For these reasons, I believe that the trial court erred in determining that the cost of work release or any other fee or expense is included within the cost of the confinement of an inmate and that § 14-8-6 precludes the department from charging inmates for costs the inmates incur in connection with work release once the 40% cap on costs of confinement has been reached. Therefore, I would reverse that portion of the judgment placing an absolute cap of 40% on the amount the department may withhold from an inmate’s work-release earnings.

Because I find that the department may collect transportation and laundry costs incurred by an inmate on work release over and above the 40% cap on collecting costs incident to confinement, I also disagree that the contract the inmate signs authorizing the department to withhold those costs is void.

The document at issue, a copy of which was attached to Commissioner Allen’s deposition that was submitted into evidence, sets forth at least some of the rules an inmate must abide by if he or she wishes to participate in the work-release program, including the amount he or she will pay for transportation and the amount of his or her earnings the department will withhold to defray the costs of the inmate’s confinement.

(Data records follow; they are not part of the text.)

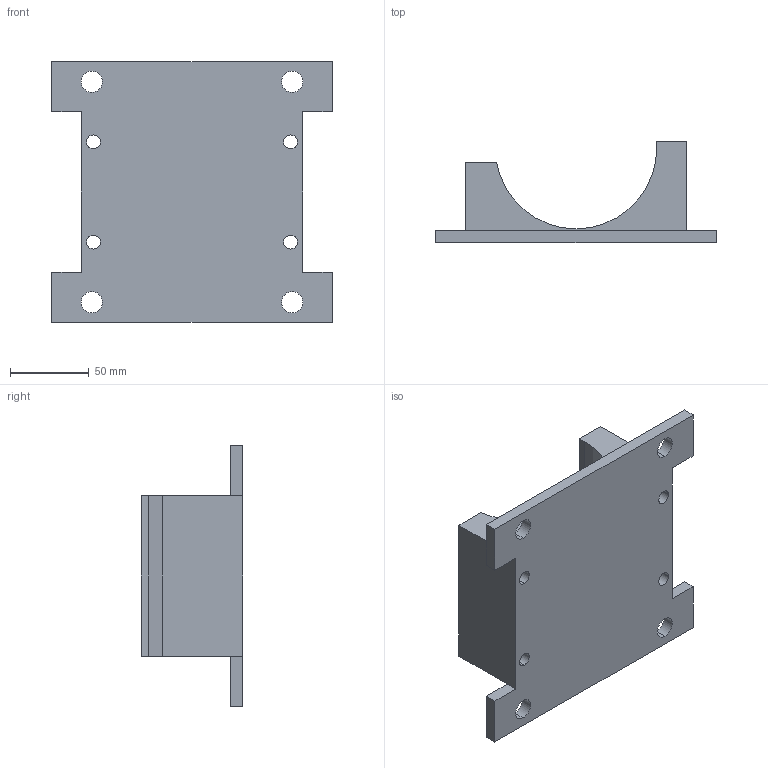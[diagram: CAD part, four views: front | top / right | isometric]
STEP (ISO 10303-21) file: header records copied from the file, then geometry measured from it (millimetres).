
FILE_DESCRIPTION (( 'STEP AP214' ), '1' );
FILE_NAME ('Fin Slot Fixture Mid.STEP', '2025-01-29T02:49:14', ( '' ), ( '' ), 'SwSTEP 2.0', 'SolidWorks 2024', '' );
FILE_SCHEMA (( 'AUTOMOTIVE_DESIGN' ));
Length unit declared in the file: inch
Products named in the file (1): Fin Slot Fixture Mid
Bounding box: 177.8 x 64.41 x 165.1 mm (x, y, z)
Volume: 494195.6 mm3; surface area: 84985.1 mm2
Topology: 1 solids, 1 shells, 37 faces, 101 edges, 66 vertices
Faces by surface type: plane 19, cylinder 18
Entity records: 1238 total; most frequent: DIRECTION 213, CARTESIAN_POINT 205, ORIENTED_EDGE 202, EDGE_CURVE 101, AXIS2_PLACEMENT_3D 74, VERTEX_POINT 66, VECTOR 65, LINE 65

Those rules are set forth in the department’s regulations; they are not negotiable. An inmate does not have the option of picking and choosing the rules of the program with which he or she agrees. In signing the agreement, the inmates are agreeing to abide by the rules. Participation in the work-release program is voluntary, and if an inmate does not like the program’s rules, he or she is not required to take part in the program.

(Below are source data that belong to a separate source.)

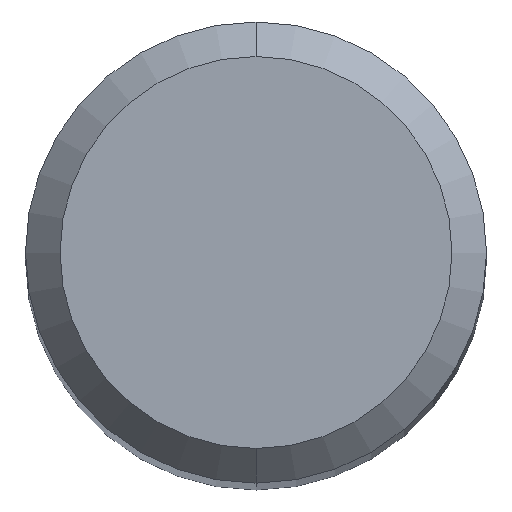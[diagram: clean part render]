
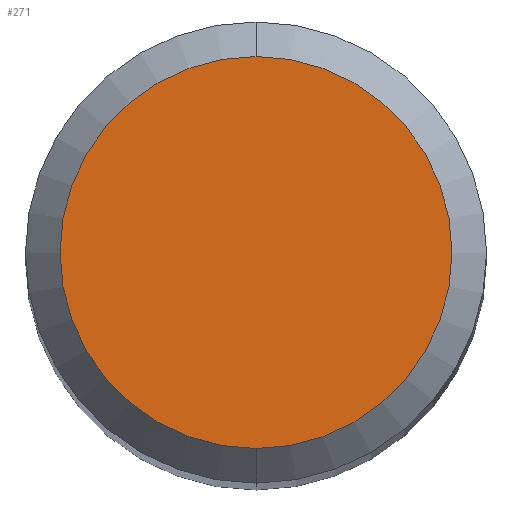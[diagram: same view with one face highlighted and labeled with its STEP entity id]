
A CAD part, top view. The second image highlights one B-rep face of the part: STEP entity #271.
In plain terms, the highlighted planar face has unit normal (0, 0, 1).
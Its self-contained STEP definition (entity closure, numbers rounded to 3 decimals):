
#181=VERTEX_POINT('',#496);
#225=EDGE_CURVE('',#181,#391,#549,.T.);
#241=EDGE_CURVE('',#391,#181,#567,.T.);
#271=ADVANCED_FACE('',(#603),#604,.T.);
#391=VERTEX_POINT('',#732);
#496=CARTESIAN_POINT('',(0.0,1.7,0.0));
#549=CIRCLE('',#945,1.7);
#567=CIRCLE('',#967,1.7);
#603=FACE_OUTER_BOUND('',#1013,.T.);
#604=PLANE('',#1014);
#732=CARTESIAN_POINT('',(0.,-1.7,0.0));
#945=AXIS2_PLACEMENT_3D('',#1555,#1556,#1557);
#967=AXIS2_PLACEMENT_3D('',#1585,#1586,#1587);
#1013=EDGE_LOOP('',(#1644,#1645));
#1014=AXIS2_PLACEMENT_3D('',#1646,#1647,#1648);
#1555=CARTESIAN_POINT('',(0.0,0.0,0.0));
#1556=DIRECTION('',(0.0,0.0,-1.0));
#1557=DIRECTION('',(0.0,1.0,0.0));
#1585=CARTESIAN_POINT('',(0.0,0.0,0.0));
#1586=DIRECTION('',(0.0,0.0,-1.0));
#1587=DIRECTION('',(0.0,1.0,0.0));
#1644=ORIENTED_EDGE('',*,*,#225,.F.);
#1645=ORIENTED_EDGE('',*,*,#241,.F.);
#1646=CARTESIAN_POINT('',(0.0,0.85,0.0));
#1647=DIRECTION('',(-0.0,0.0,1.0));
#1648=DIRECTION('',(0.0,-1.0,0.0));

For the reasons set forth above, I must respectfully dissent from those portions of the main opinion holding that § 14-8-6 provides an absolute cap on the amount of money the department is authorized to withhold from a work-release inmate’s earnings and holding void the document work-release inmates sign authorizing the department to withhold certain costs related to work release. Otherwise, I concur in the main opinion.

PITTMAN, J., concurs. 
      
      . Mr. Carter's full name does not appear in the record on appeal.
     
      
      . Mr. Reynolds's full name does not appear in the record on appeal.
     
      
      .The plaintiffs filed four lawsuits that were consolidated for trial.
     
      
      . Allen testified that he had no explanation as to why the original 1997 version of the regulation still referred to a maximum withholding of 32.5% when the statute had been amended five years earlier to allow a maximum withholding of 40%.
     
      
      . Allen testified that inmates may choose to take public transportation to their places of employment, in which case the inmates are to pay the total cost of transportation. However, some of the plaintiffs testified that they were not given the option of taking public transportation to their places of employment.
     
      
      . We recognize that in its judgment the trial court determined that the issue whether DOC was exceeding the 40% cap under § 14-8-6 was moot because, the trial court said, the regulation in place at the time, Admin. Reg. No. 410, authorized a withholding of 32.5%. However, the trial court went on to address the issue whether more than 40% of an inmate’s work-release earnings could be withheld. After the trial court entered its judgment, the department formally amended Admin. Reg. No. 410 to authorize withholding of up to 40% of an inmate's work-release earnings. As a matter of judicial economy, we will address this issue.
     
      
      . Although § 14 — 1—8(a) refers specifically to the “board” of corrections, in 1983 the enactment of Ala.Code 1975, § 14-1-1.1, created the department and vested in it all the duties and powers that once had belonged to the board.